GETFund’s  Bold March on Educational Infrastructural Development.

 The Nana Akufo-Addo administration has, since taking office in 2017, set as one of its core priorities, the development and growth of the education sector to promote Ghana as what the Ministry of Education calls a ‘learning nation’. Indeed, educational reforms, with the flagship Free SHS programme as its centerpiece, featured largely on the NPP’s election campaign in respect of both the 2016 and 2020 elections. 

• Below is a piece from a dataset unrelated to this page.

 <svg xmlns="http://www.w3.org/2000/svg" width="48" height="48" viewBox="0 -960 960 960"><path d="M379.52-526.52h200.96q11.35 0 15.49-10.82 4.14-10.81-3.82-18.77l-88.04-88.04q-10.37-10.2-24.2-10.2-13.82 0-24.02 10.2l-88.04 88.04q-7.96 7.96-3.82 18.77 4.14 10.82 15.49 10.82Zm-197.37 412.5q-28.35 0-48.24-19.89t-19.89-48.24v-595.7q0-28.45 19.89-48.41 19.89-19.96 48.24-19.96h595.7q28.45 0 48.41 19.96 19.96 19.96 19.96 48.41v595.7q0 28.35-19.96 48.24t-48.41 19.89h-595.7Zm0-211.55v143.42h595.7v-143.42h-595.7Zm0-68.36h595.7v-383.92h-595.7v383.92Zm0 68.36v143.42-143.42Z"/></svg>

Despite various economic challenges amidst the global pandemic and its associated fallouts, GETFund is resolute in maintaining its core mandate in the infrastructure across all levels of the education system. 

Subsequent to opening up access to senior high school education through the Free SHS policy introduced in September 2017, and which saw an explosion in the SHS population from 800,000 in 2016 to about 1.2 million by the end of 2020, was an increased demand for extra space in our boarding schools, ranging from dormitories, classrooms, laboratories, assembly halls and others. 

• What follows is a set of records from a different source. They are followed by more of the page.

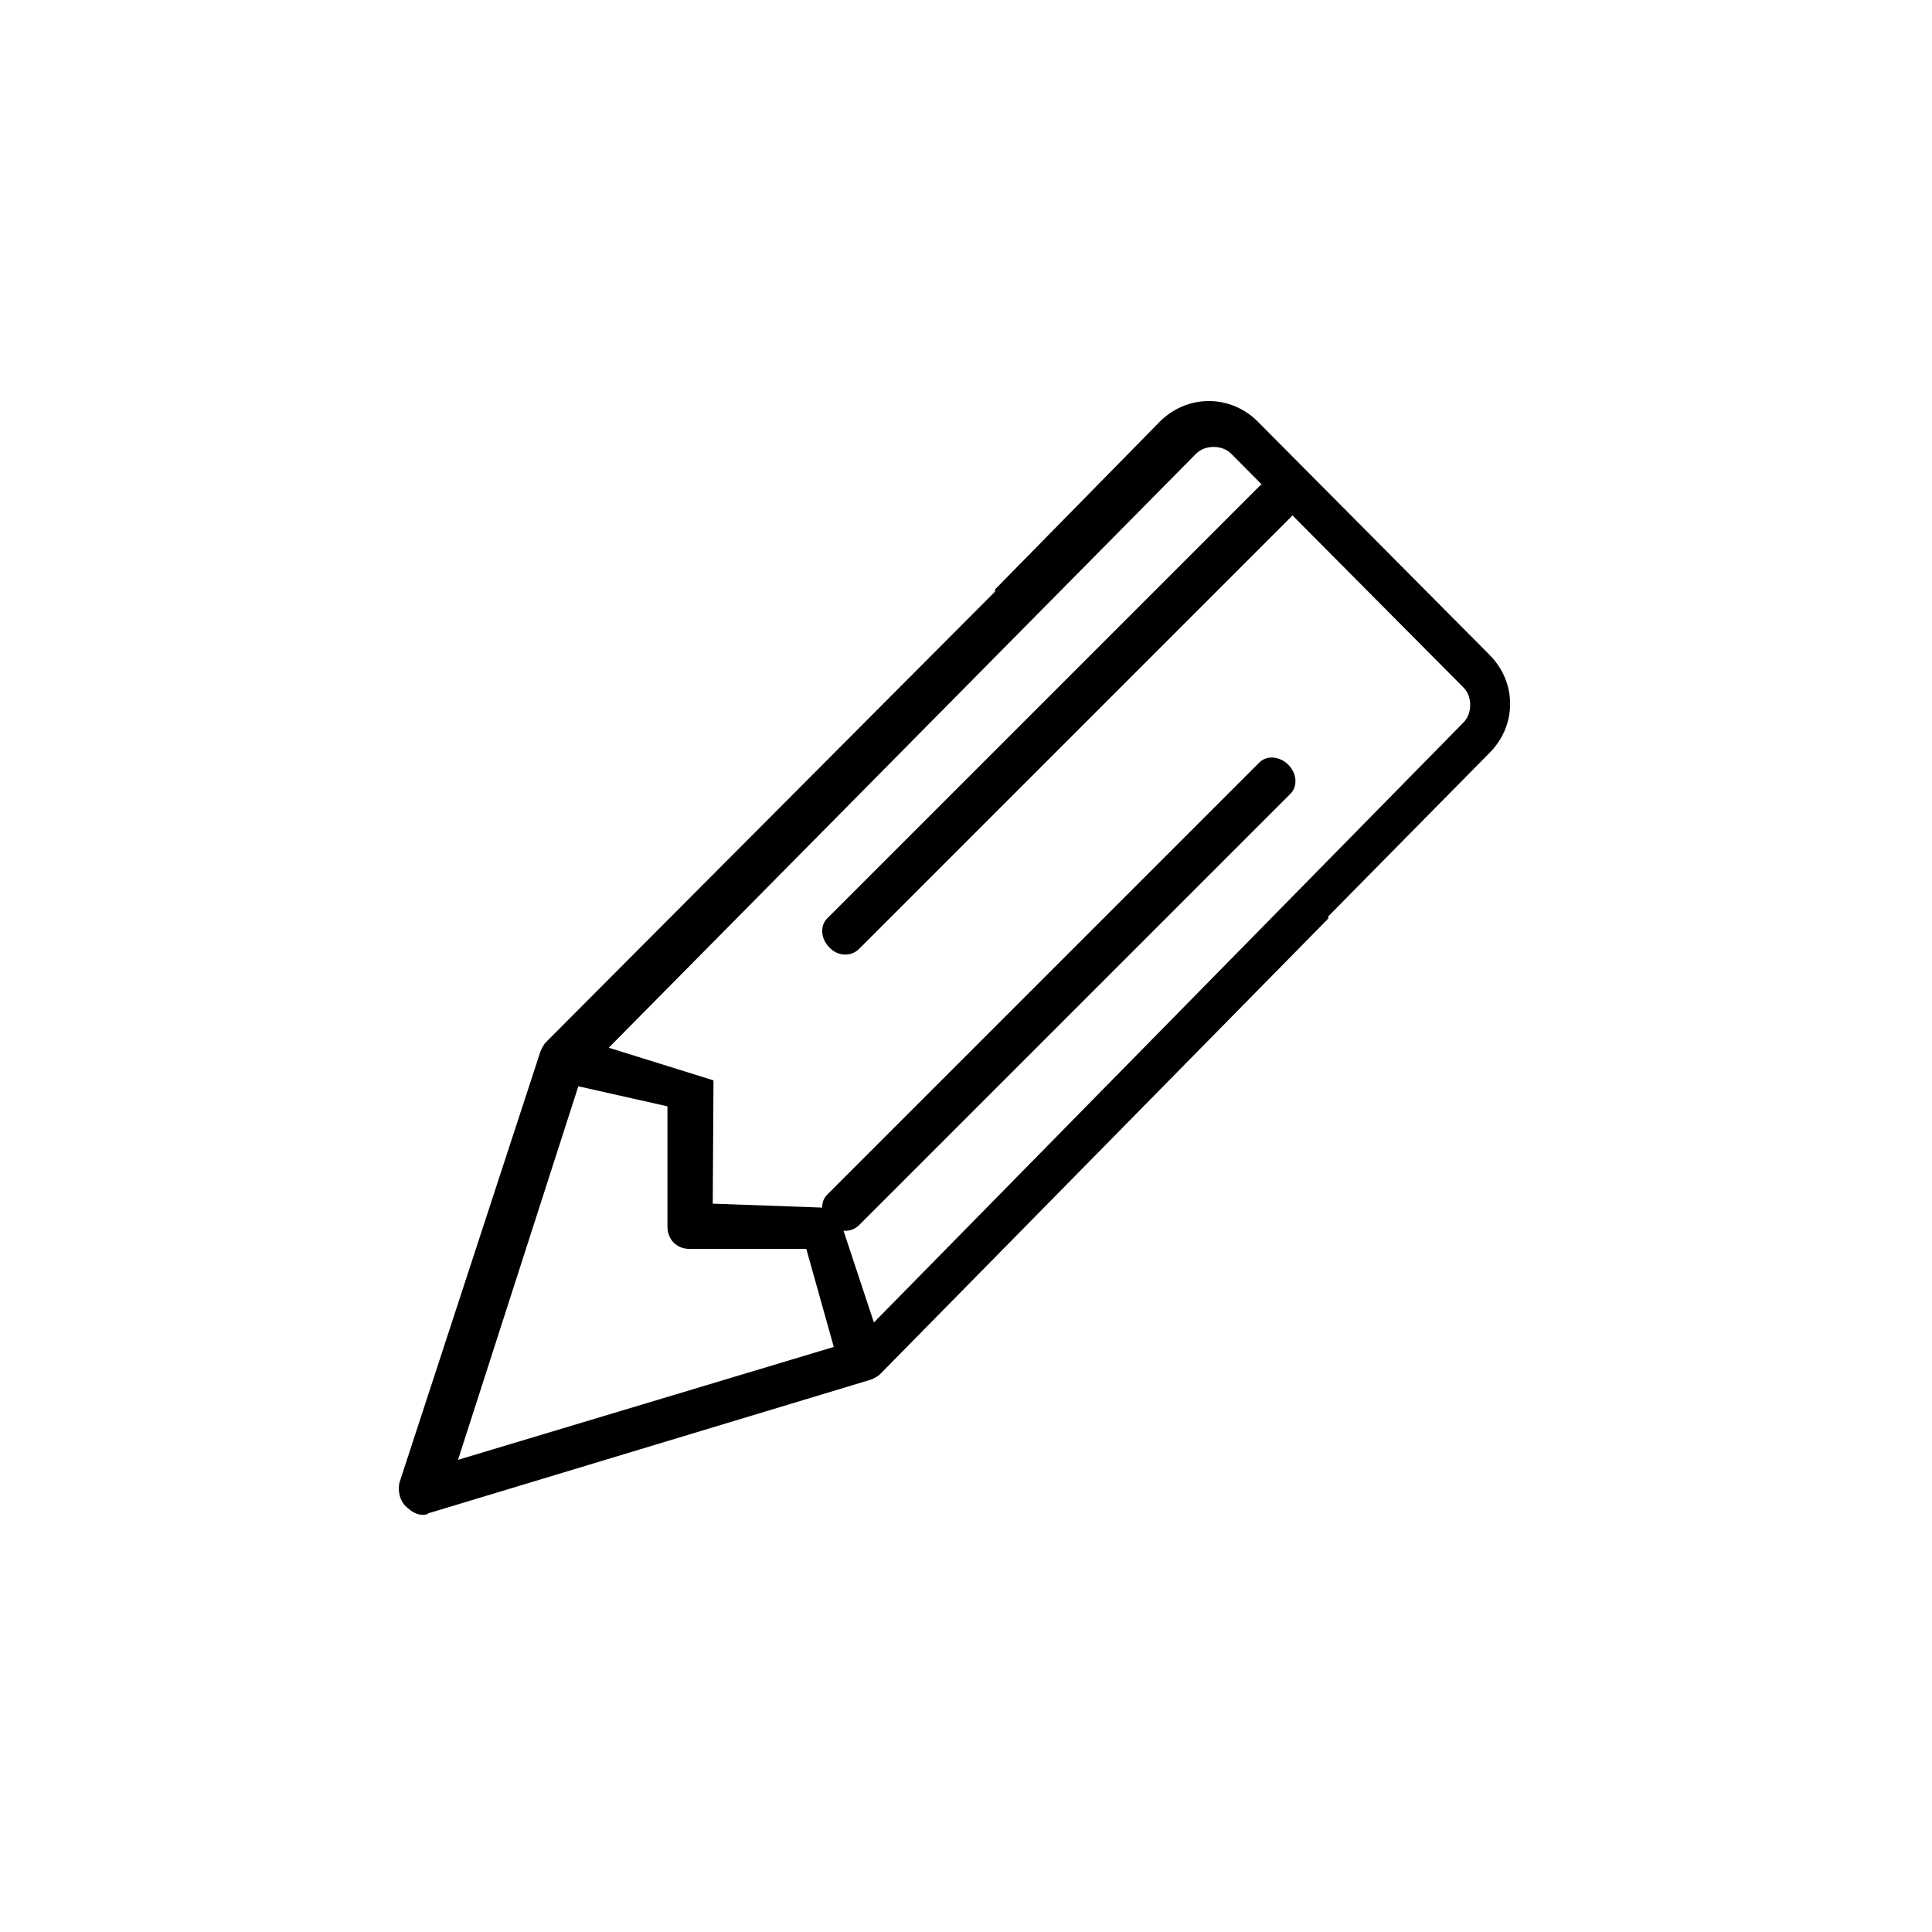 <?xml version="1.0" encoding="UTF-8"?>
<!-- The Best Svg Icon site in the world: iconSvg.co, Visit us! https://iconsvg.co -->
<svg fill="#000000" width="800px" height="800px" version="1.1" viewBox="144 144 512 512" xmlns="http://www.w3.org/2000/svg">
 <g>
  <path d="m485.41 273.46c2.363 2.363 2.559 5.902 0.395 7.871l-114.14 114.14c-2.164 2.164-5.707 1.969-7.871-0.395-2.363-2.363-2.559-5.902-0.395-7.871l114.14-114.14c1.969-2.164 5.508-1.969 7.871 0.395z"/>
  <path d="m485.41 346.66c2.363 2.363 2.559 5.902 0.395 7.871l-114.14 114.14c-2.164 2.164-5.707 1.969-7.871-0.395-2.363-2.363-2.559-5.902-0.395-7.871l114.14-114.14c1.969-2.164 5.508-1.965 7.871 0.395z"/>
  <path d="m538.74 317.54-61.402-61.797c-7.281-7.281-18.695-7.281-25.977 0l-43.297 44.082c-0.395 0.395-0.395 0.395-0.395 0.984l-119.06 119.46c-0.395 0.395-0.984 1.379-1.379 2.363l-37.391 114.34c-0.395 1.969 0 4.328 1.379 5.902 2.164 2.164 3.543 2.559 4.922 2.559 0.395 0 0.984 0 1.379-0.395l117.29-35.426c0.984-0.395 1.969-0.984 2.363-1.379l118.47-120.44c0.395-0.395 0.395-0.395 0.395-0.984l42.707-43.297c7.273-7.273 7.273-18.688-0.008-25.969zm-273.36 213.33 31.883-98.992 23.617 5.312v31.883c0 3.344 2.363 5.902 5.902 5.902h30.898l7.281 25.977zm266.47-195.42-156.26 159.02-10.035-30.309-32.668-1.18 0.195-32.668-27.754-8.66 155.67-157.44c2.363-2.363 6.887-2.363 9.25 0l61.598 61.992c2.359 2.359 2.359 6.887 0 9.25z"/>
 </g>
</svg>

Infrastructure Audit & New Measures

Pursuant to an infrastructure audit of all GETFund projects at the beginning of 2017, the Fund noted that out of a total of 7,201 projects, 3,897 were at various stages of completion. The audit exercise also revealed a number of project relocations and 45 projects were identified and listed as ‘projects not found’ after several reconciliation with key stakeholders and investigations. Upon review of accounting records at the GETFund Secretariat no payment certificates were submitted on those projects and processed for payment. 

Despite capped funds on GETFund by virtue of the Capping and Realignment Act, the Fund had to discharge its mandate by ensuring that the outstanding projects were brought to fruition. This it did by operationalizing a number of measures per the audit report. 

First, all revisions and re-awards of projects were halted. Subsequent to this, the Fund established Monitoring & Evaluation Units in order to ensure effective monitoring and delivery of its sponsored projects as well as enhance value for money, project data coalition and reporting. These monitoring units were established to have jurisdiction in the Southern, Middle and Northern belts of the country and are based in Accra, Kumasi and Tamale respectively.

Other measures the Fund took included an enhanced certificate vetting process, the institution of ‘financial clearance’ from GETFund as a requirement for re-awards and reviews to ensure budgetary control, project cost rationalization and the new awards based on non-fluctuation contracts. 

The Fund through the Ministry of Education also advised managers of public universities in the country to complete all existing projects on campuses before initiating new ones. The Ministry also urged the universities to have dedicated sources of funding before starting any infrastructural project.

Old Projects (Pre-2017)

The 3,897 uncompleted projects that were inherited by the new government in January 2017 included classrooms, dormitories, hostels, dining facilities, library blocks, and administration blocks, among others across all levels of the education sector.

Of these, 1344 have been completed by government, thus;

  • Basic Education Infrastructure – 690 
  • Secondary School infrastructure Projects  – 513 
  • E-Blocks – 14 
  • Tertiary Education infrastructure Projects – 127

Out of the remaining 2,553, at various stages of completions  across all levels of the education sector, 786 are above 70%, 920 are between 30% – 70% and 833 are below 30% completion. 


Of all the physical infrastructure projects that have come up for discussion and public scrutiny is  the Community Day Senior High Schools (popularly known as E Blocks) that were commenced under the administration of former President John Mahama, with a promise to complete 200 of these schools by the end of 2016. This is not surprising given the political circumstance in which the project was birthed as a legacy of the previous government.  

The Ministry of Education and GETFund have had to refute, on several occasions, accusations that it has abandoned the uncompleted projects and left them to rot. However, the facts do not support these allegations. 

Out of the 200 schools initially promised, 23 were to be constructed by the World Bank, with Government of Ghana, through GETFund assuming responsibility for 101 projects, bringing to a total 124 projects on which physical work had been done.  

 As at January 2017, 29 projects, comprising 7 by the World Bank and 22 by the GETFund/Ministry of Education, had been completed. A further 28, comprising 14 World Bank and 14 GETFund/Ministry of Education projects have so far been completed. 

On the E Blocks, the 2017 infrastructure audit revealed that the challenge with several of the completed ones were not in use because their location away from their targeted communities made commuting to school difficult and hence students preferred not to choose those schools for their SHS education. GETFund has therefore had to make provision for the construction of ancillary facilities like dormitories to help solve the challenges and encourage more  parents to choose the schools for their wards. 

GETFund clearly is on the path to ensuring the delivery of its mandate and has shown over the past few years that it remains committed to ensuring this. The future certainly seems bright.